— Task to complete —
The records below are to be transcribed exactly, with the pictures removed.

— Records for processing —
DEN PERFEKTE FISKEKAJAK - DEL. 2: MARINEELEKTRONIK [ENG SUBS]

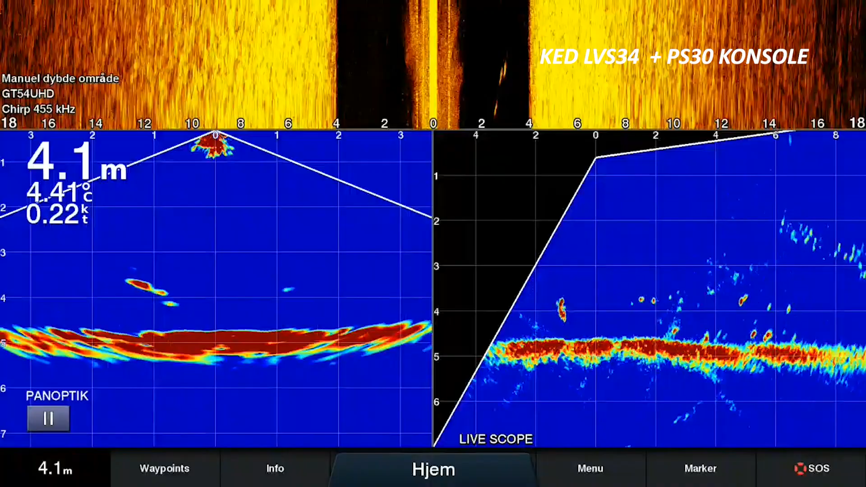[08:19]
On screen: depth 4.1 m, water 4.41°C
den anden vej og så kan man altså ramme
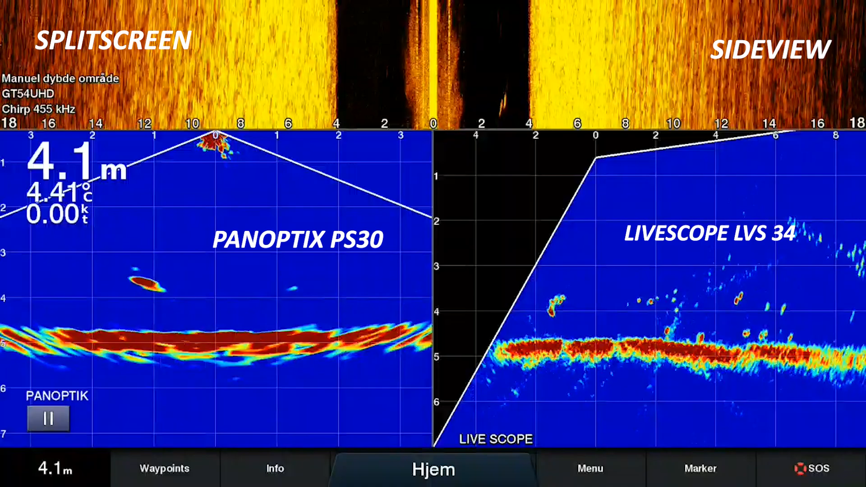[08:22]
On screen: depth 4.1 m, water 4.41°C, speed 0.00 kn
helt præcist oven på fisken og også have en mulighed for at se hvilken vej fisken svømmer hvis den stikker ud af den meget smalle Lightscope kegle.
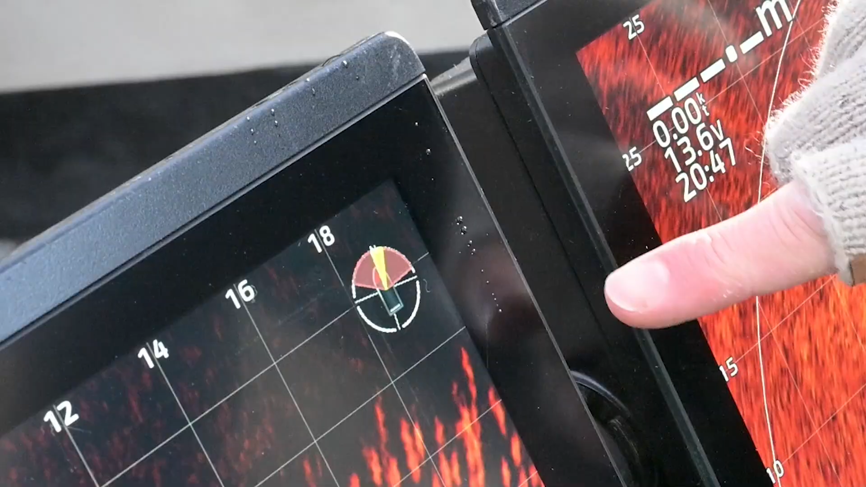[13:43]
Noget af det funktionalitet som jeg opnår.
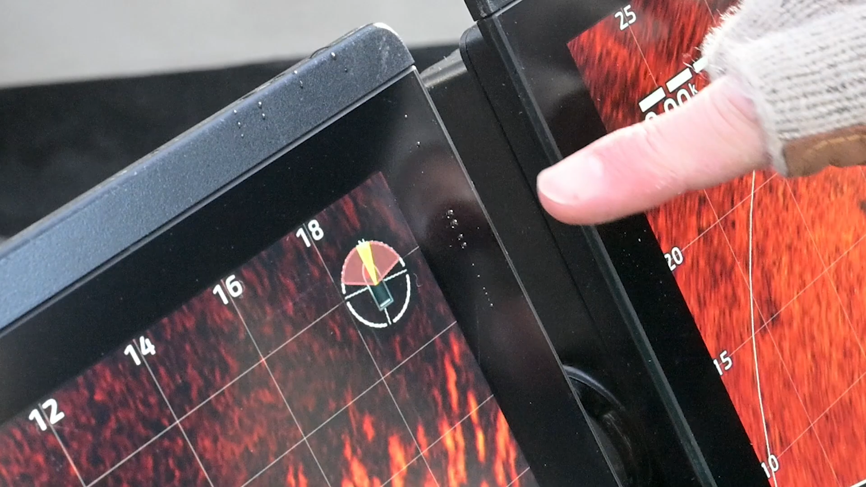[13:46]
Med at have et kompas i min kajak. Det er sådan noget som det her. Hvor jeg kan have sådan et lille ikon her på min skærm.
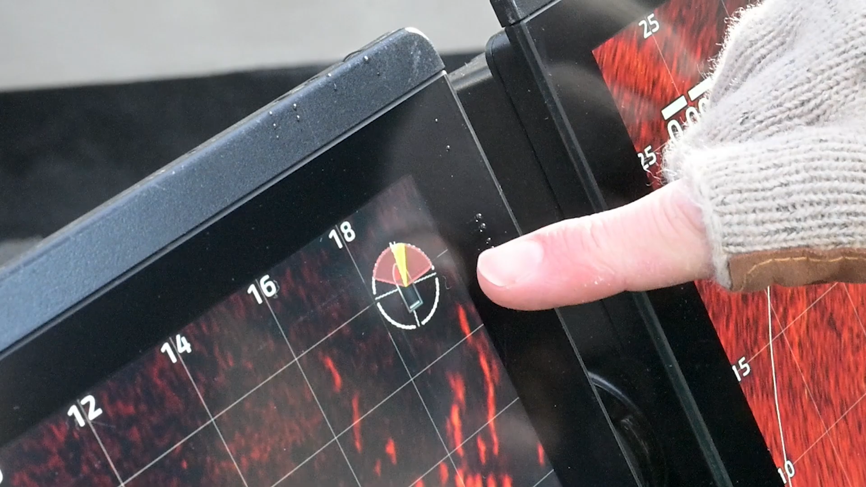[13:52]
Som dels viser hvilken vej båden vender. Men jeg kan også se mine to lightscope transducer.
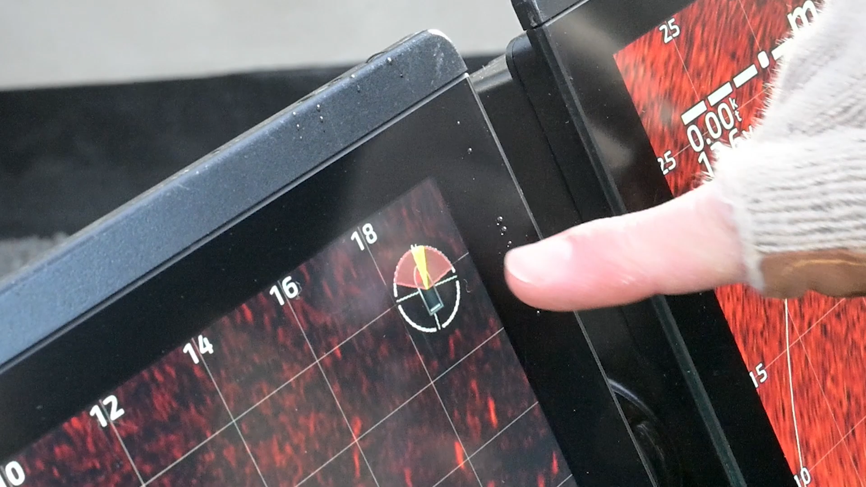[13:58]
Der er også kompas i. Så man kan altså se her. Perspective. Det er det brede.
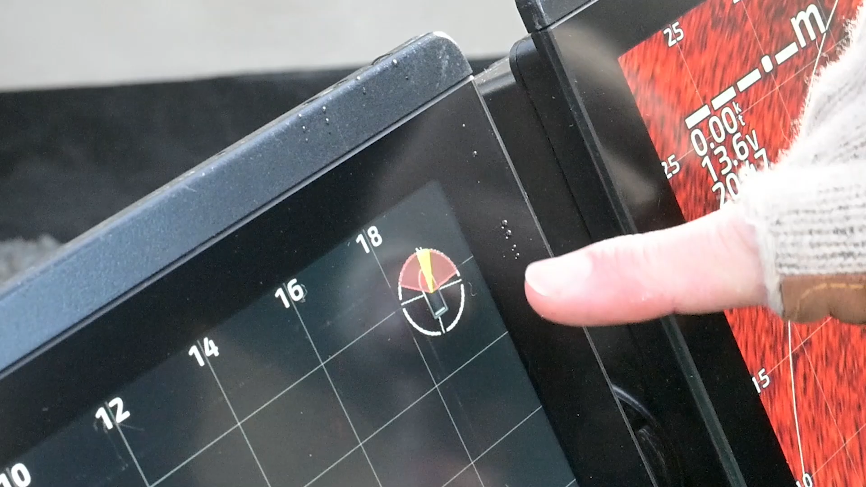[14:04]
Og så forret. Inden i midten her. Den smale kajle her.

— Exercise result —
DEN PERFEKTE FISKEKAJAK - DEL. 2: MARINEELEKTRONIK [ENG SUBS]

[08:19]
On screen: depth 4.1 m, water 4.41°C
den anden vej og så kan man altså ramme
[08:22]
On screen: depth 4.1 m, water 4.41°C, speed 0.00 kn
helt præcist oven på fisken og også have en mulighed for at se hvilken vej fisken svømmer hvis den stikker ud af den meget smalle Lightscope kegle.
[13:43]
Noget af det funktionalitet som jeg opnår.
[13:46]
Med at have et kompas i min kajak. Det er sådan noget som det her. Hvor jeg kan have sådan et lille ikon her på min skærm.
[13:52]
Som dels viser hvilken vej båden vender. Men jeg kan også se mine to lightscope transducer.
[13:58]
Der er også kompas i. Så man kan altså se her. Perspective. Det er det brede.
[14:04]
Og så forret. Inden i midten her. Den smale kajle her.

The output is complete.